Sometimes it's unavoidable that one of the Beasts you Special Summoned with Obedience Schooled ends up being destroyed in the end phase, but even that can work in your favor. Beast monsters being destroyed outside of the damage step just happens to be Green Baboon, Defender of the Forest's favorite thing. Or least favorite, depending on perspective. Tribute or Xyz away two of your Beasts, let the third one go, and get a 2700 ATK beater for your trouble. Sounds awfully similar to a strategy with Ronin Raccoon that I was talking about in another article, but way more fast-paced and generally better. For your one Obedience Schooled, you come away with a free Xyz that can't be destroyed, a free Green Baboon and a token.

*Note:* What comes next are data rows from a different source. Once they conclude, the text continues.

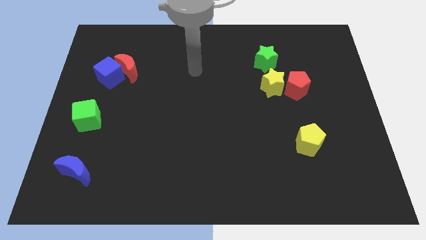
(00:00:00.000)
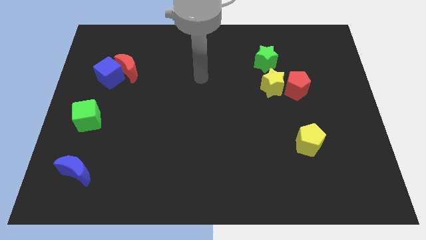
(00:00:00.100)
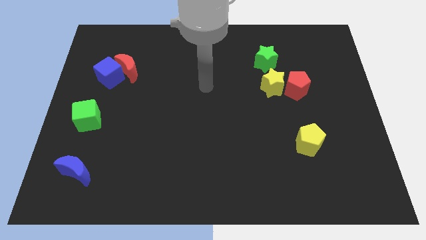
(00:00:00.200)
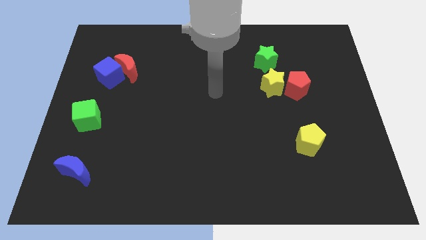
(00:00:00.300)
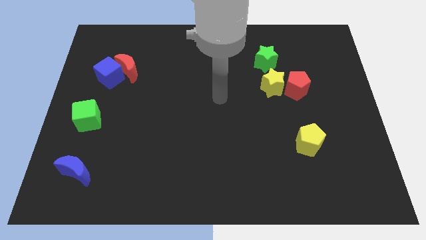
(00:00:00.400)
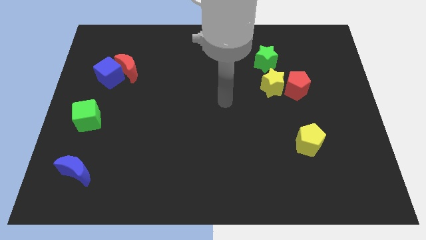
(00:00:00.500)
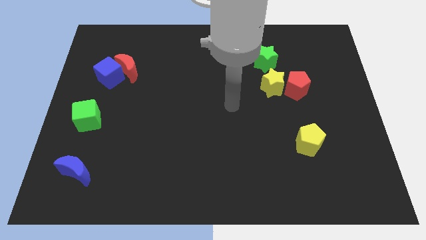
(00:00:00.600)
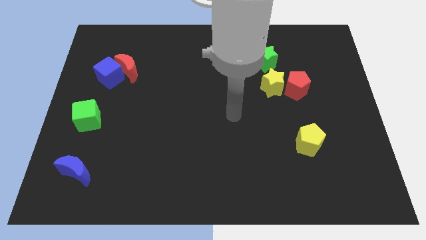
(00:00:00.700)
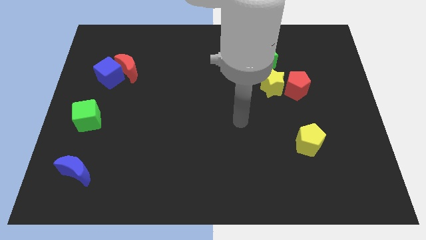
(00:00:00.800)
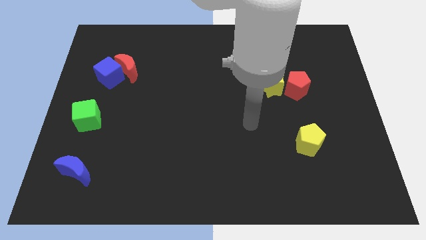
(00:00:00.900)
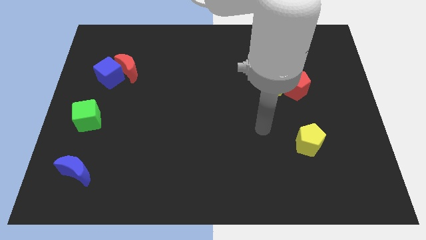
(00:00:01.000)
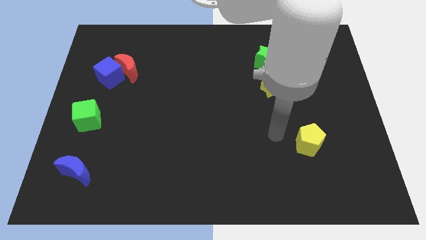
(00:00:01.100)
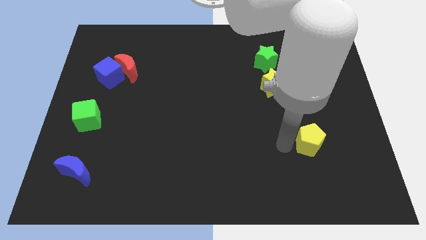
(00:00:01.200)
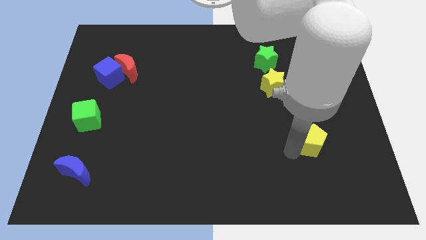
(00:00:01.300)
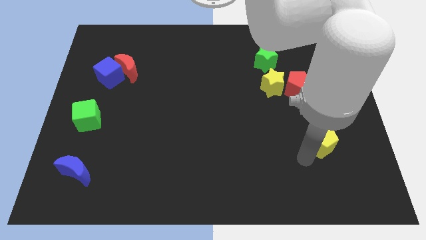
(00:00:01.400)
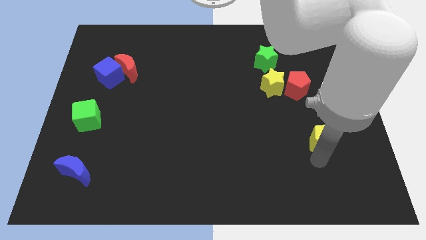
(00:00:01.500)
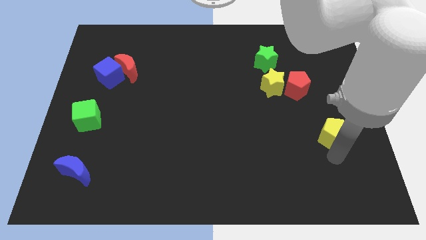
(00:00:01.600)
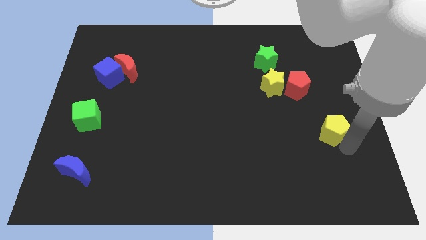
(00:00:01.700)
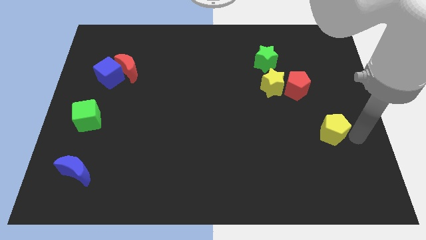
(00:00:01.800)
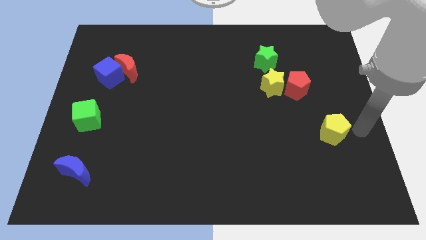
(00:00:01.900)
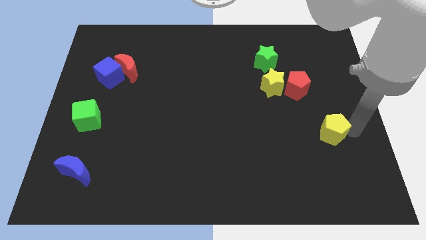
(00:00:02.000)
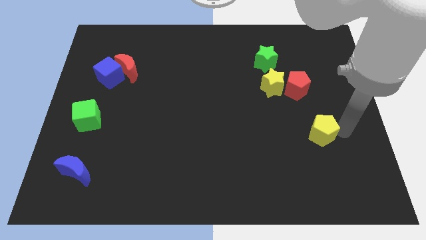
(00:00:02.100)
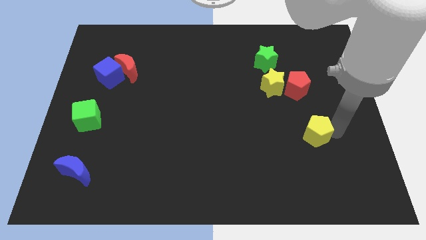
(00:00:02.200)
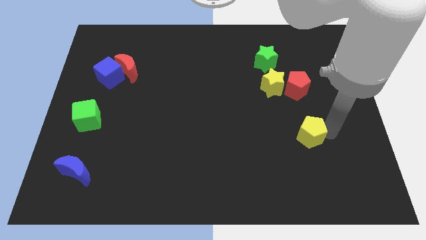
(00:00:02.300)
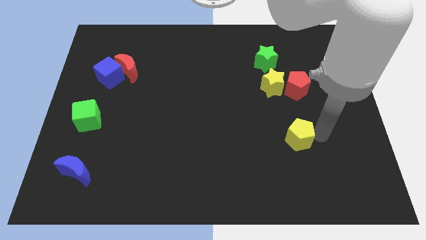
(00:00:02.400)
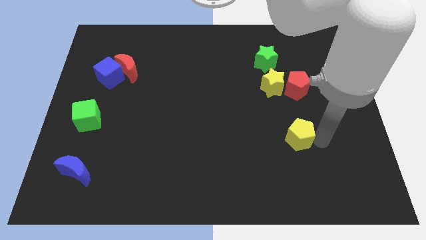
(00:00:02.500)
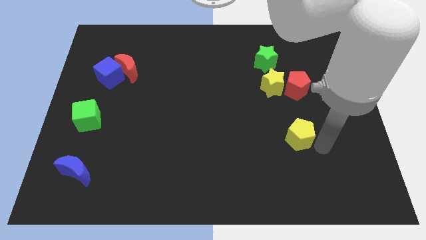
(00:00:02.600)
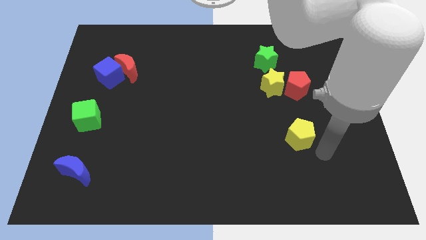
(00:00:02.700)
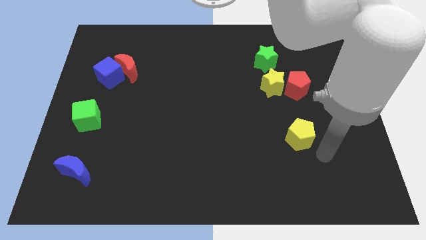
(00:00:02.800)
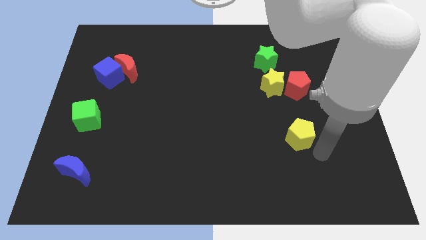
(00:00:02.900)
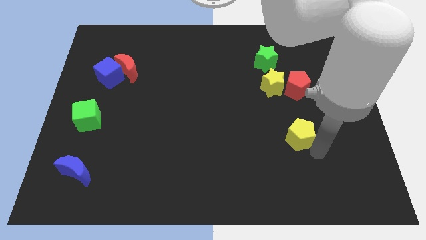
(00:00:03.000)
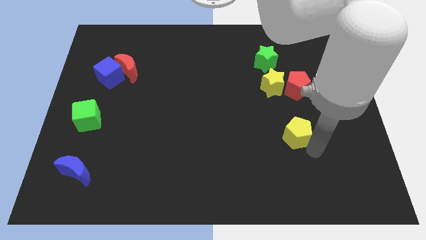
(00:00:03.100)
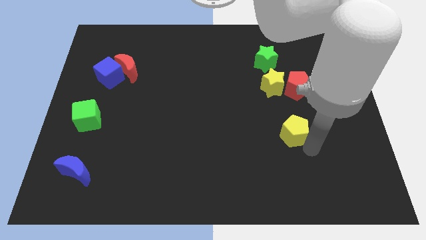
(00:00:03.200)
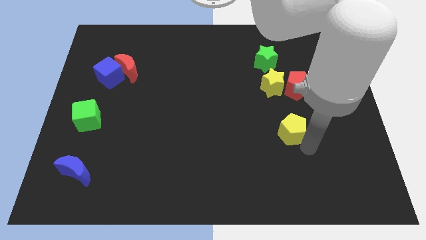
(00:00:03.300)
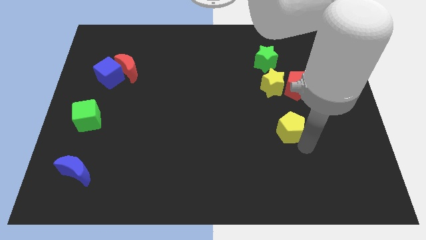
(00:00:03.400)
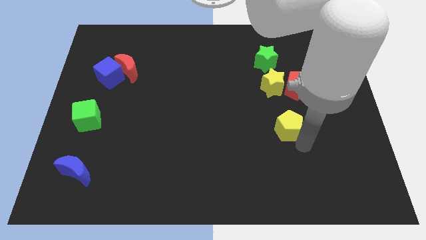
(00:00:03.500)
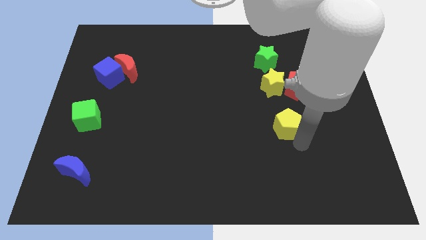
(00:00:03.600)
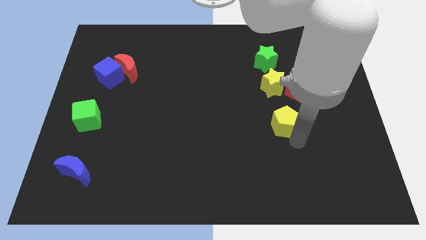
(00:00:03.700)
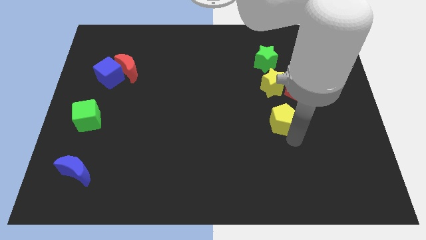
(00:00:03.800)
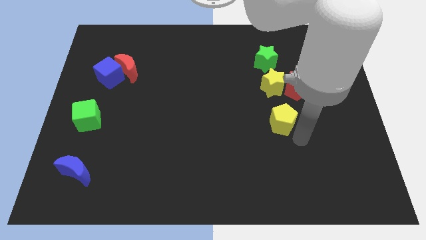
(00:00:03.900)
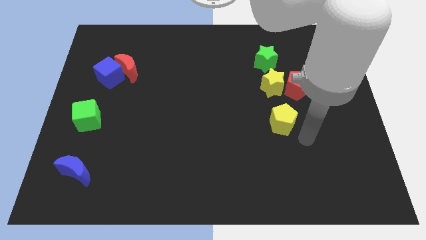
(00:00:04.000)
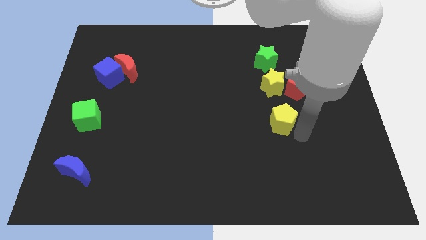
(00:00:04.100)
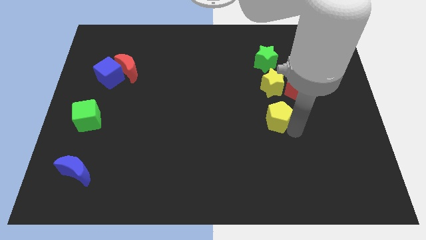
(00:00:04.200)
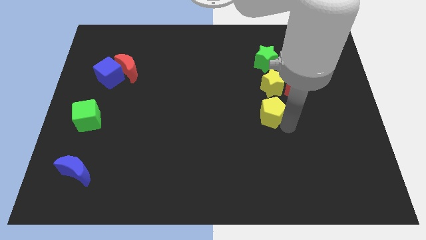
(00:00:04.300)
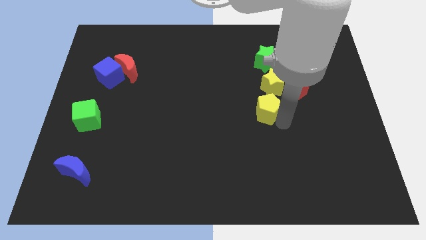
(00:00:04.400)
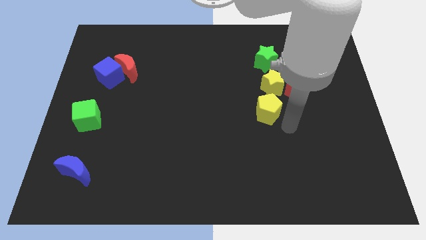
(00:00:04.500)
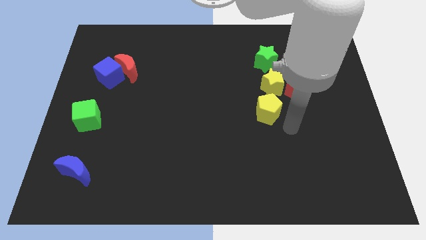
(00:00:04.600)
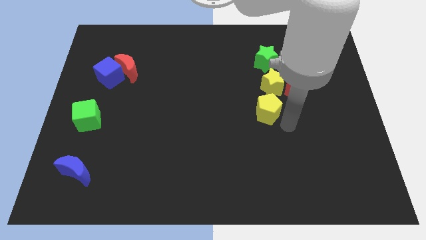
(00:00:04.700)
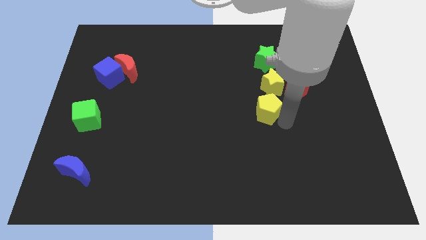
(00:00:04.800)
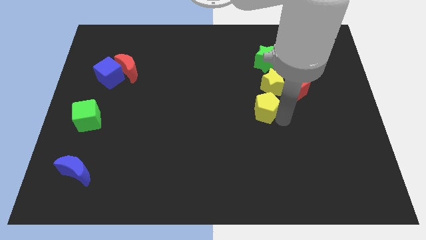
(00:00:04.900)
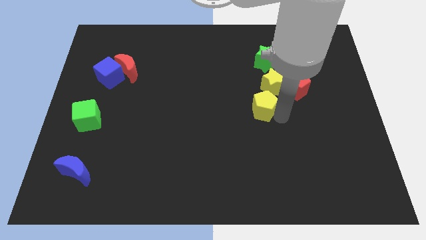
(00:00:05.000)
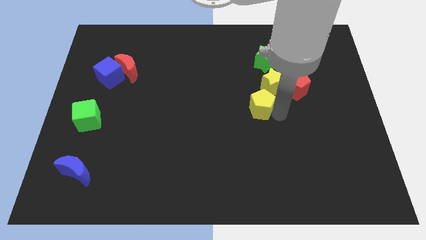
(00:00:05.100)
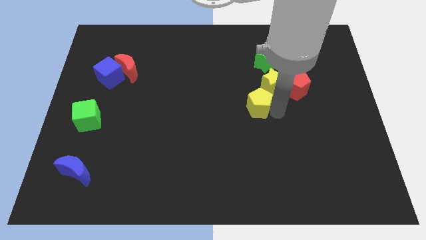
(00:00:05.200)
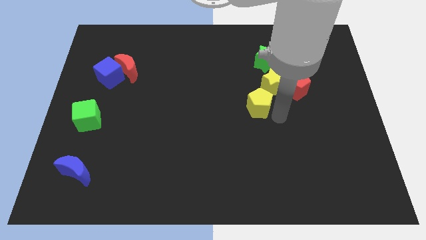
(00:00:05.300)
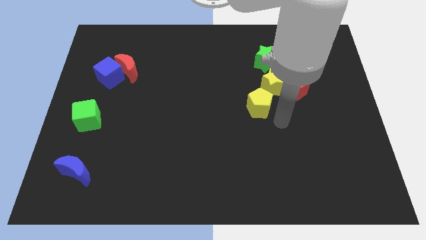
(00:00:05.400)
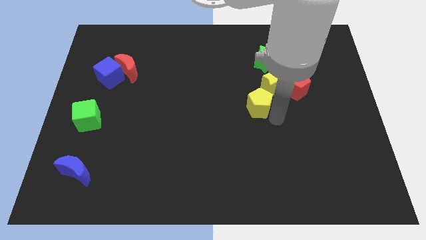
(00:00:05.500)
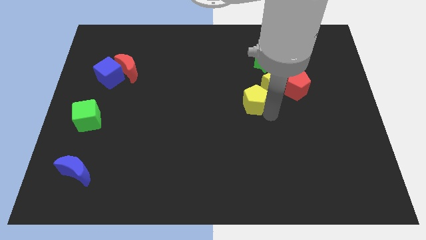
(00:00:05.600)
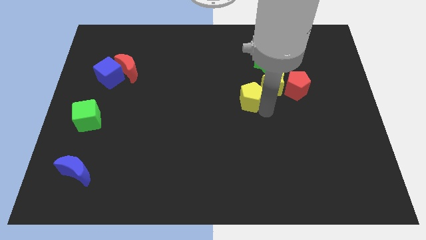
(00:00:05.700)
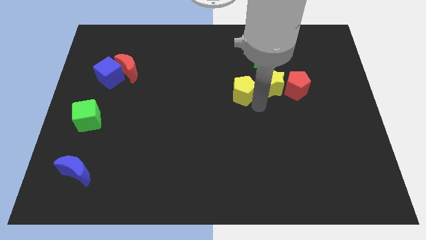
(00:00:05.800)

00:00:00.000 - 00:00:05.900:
push the yellow pentagon diagonally up and to the left

Playing the control game with Obedience Schooled already seems pretty plausible since you can use virtually no resources to bring out Naturia Beast, but you can go further with that idea. If you Normal Summon The Earth - Hex-Sealed Fusion, you can make that Naturia Beast into Naturia Exterio and shut down all of your opponent's spells and traps indefinitely. Short of Solemn Warning, there's nothing that can interrupt Exterio's Special Summon; nothing that can respond to its Summon being successful; and nothing that can stop it from pushing in some solid damage during the battle phase.

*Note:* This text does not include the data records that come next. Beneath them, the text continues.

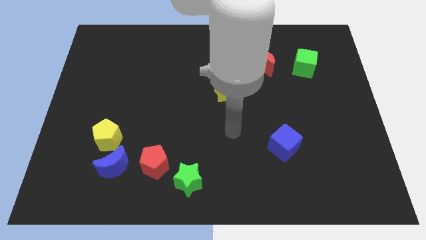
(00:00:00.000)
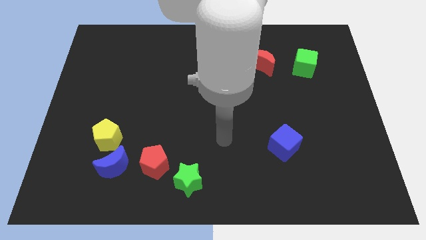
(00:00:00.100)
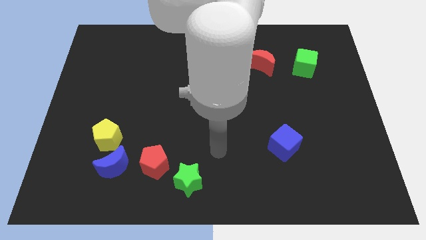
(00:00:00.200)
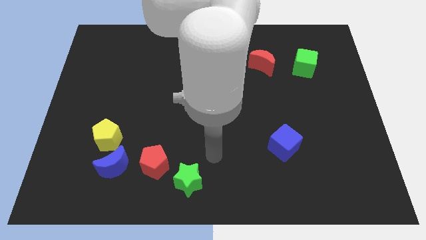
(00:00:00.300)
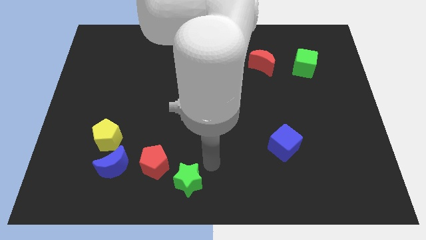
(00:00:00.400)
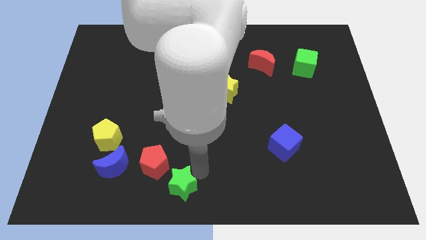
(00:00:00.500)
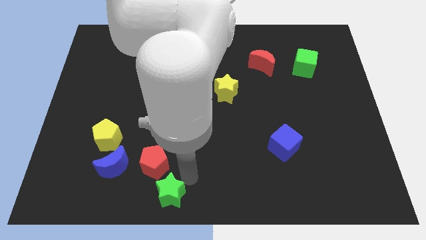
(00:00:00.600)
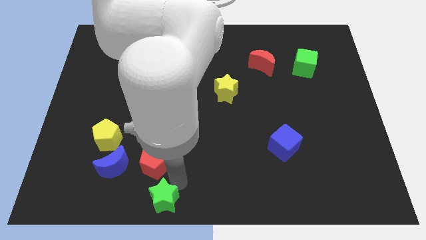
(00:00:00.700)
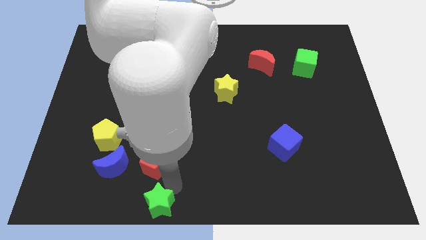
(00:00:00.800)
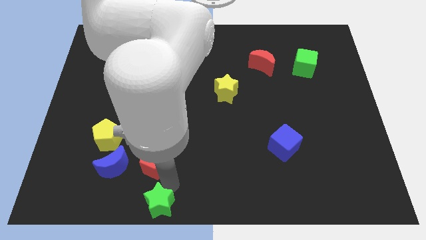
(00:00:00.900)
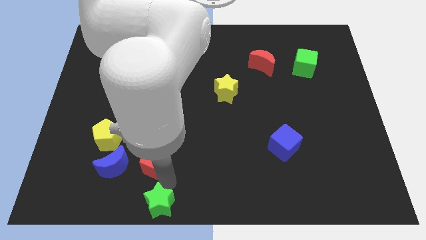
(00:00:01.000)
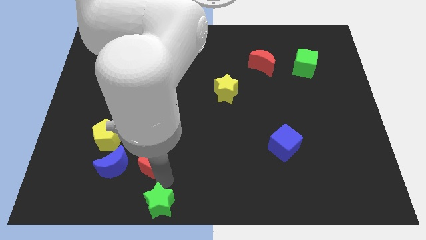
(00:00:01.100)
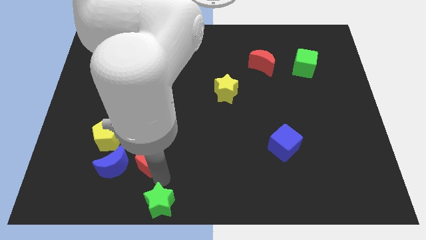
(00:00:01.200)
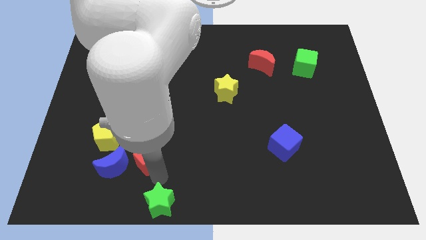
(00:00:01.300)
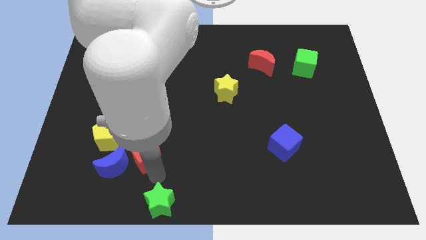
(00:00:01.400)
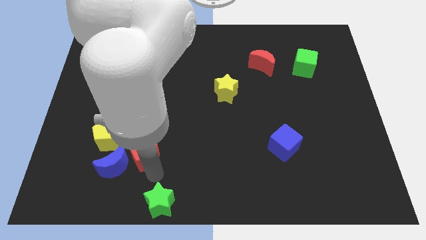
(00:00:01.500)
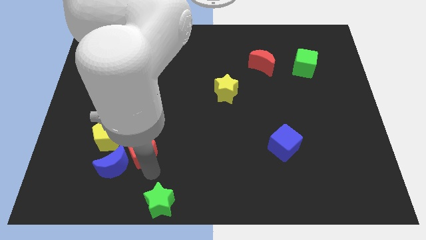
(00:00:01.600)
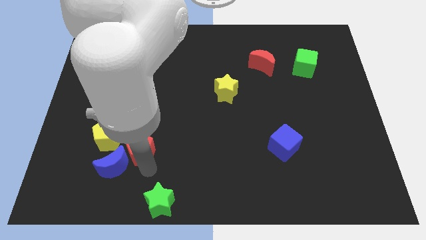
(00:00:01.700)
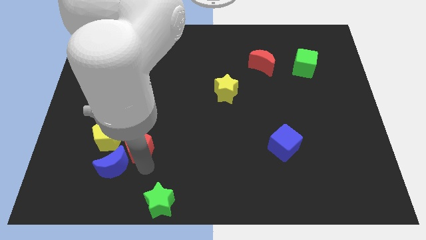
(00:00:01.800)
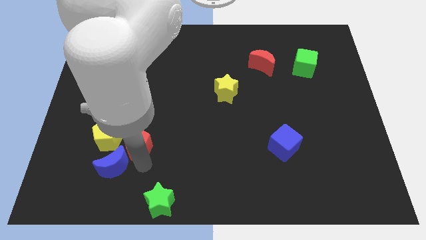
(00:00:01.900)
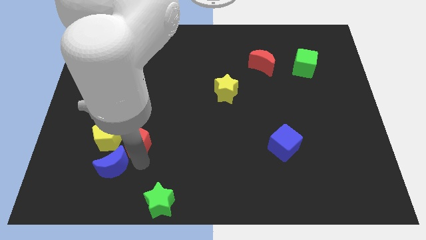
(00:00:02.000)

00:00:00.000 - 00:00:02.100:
push the red pentagon slightly upwards and then left

Like the Slifer play, using the other four cards in your hand to keep Exterio alive can be a quick way to shut out a game. As soon as it looks like Exterio's in trouble, flip Safe Zone and watch the tears start. Mystical Space Typhoon won't be a problem, and that's about the extent of your worries at that point.

Get Schooled
Despite the obvious flaws of having to run Level 2 or lower Beasts in your deck in the first place, and the fact that Obedience Schooled comes across as being a little too restricting at first glance, there's so much that you can do with it. It's an immediate +2, it thins your deck like crazy, it's a 1-card Naturia Beast, a 2-card Naturia Exterio, perfect fuel to springboard Slifer into the game, the new heart of every Ronin Raccoon Sandayu strategy and even more beyond that.

Everything about Obedience Schooled goes against my column's general theme of totally generic cards that everyone can use, but it's just so flexible and fun that there's no way to pass up this discussion. Shifting your thinking process to deck building and trying to think your way through a new hypothetical strategy is a great exercise that grows your skills as a duelist, and if you end up building, testing with and playing that strategy because you loved it, you're certainly no worse off. Expect to see Obedience Schooled around on some small scale, if it's not in your own hands.

Hopefully it's in your own hands, though.